DO: The saying goes that “a traveller, who boasts of never ever having lost his /her way, is probably one who has never travelled very far!

Travelling by road in Nigeria  in the 1970s was arguably a terrible nightmare, though it had its occasional thrills!  

On 29th  August 1970, I  started a journey by road  from Enugu, in Eastern Region of Nigeria to the city of  Jos in North-Central  Region of  Nigeria – a distance of some  700 to 800 kilometers by road,  if the travel is  direct.

It, however, proved a circuitous journey in which I experienced untold inconveniences,  privations and delays – perhaps the worst journey so far in my  experience at that time. 

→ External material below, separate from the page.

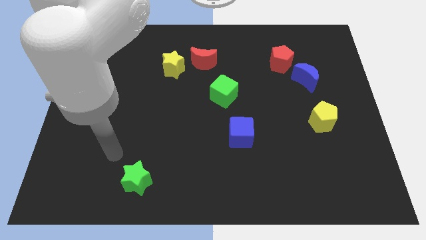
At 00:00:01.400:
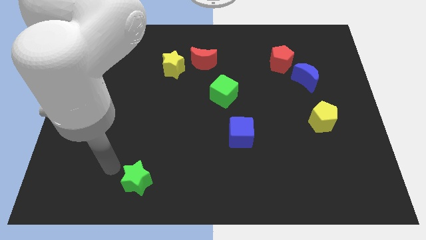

I was travelling to the City of Jos in North—Central Nigeria to continue a University field research assignment. It had originally been planned to travel by train from Enugu to the city of Jos.  I had planned to take the train at Enugu on 28th August, but the train failed to arrive.  The Train Station Master could not provide any information as to when the scheduled train would arrive or depart.  The alternative therefore was to travel by road.

So, the next day, 29th August,  I joined  a three-ton passenger lorry, bound for Jos. The lorry was driven by a short, light care-free fellow, who in all his dealings had no sense of time or urgency.  The lorry left the Enugu motor park at about 10.00 a.m. and after some aimless wanderings inside Enugu Township, searching for more intending passengers to fill the seats, (which took the better part of one hour), it set out, ostensibly for Jos.  There were so many unnecessary stops and delays along the way but a little after the town of Oturkpo in the Middle Belt Tiv country, a huge mud-swamped road held up all traffic for over 5 hours, while a vehicle which had gotten stuck there was being dug out. The month of August was in the midst of the rainy season in Nigeria.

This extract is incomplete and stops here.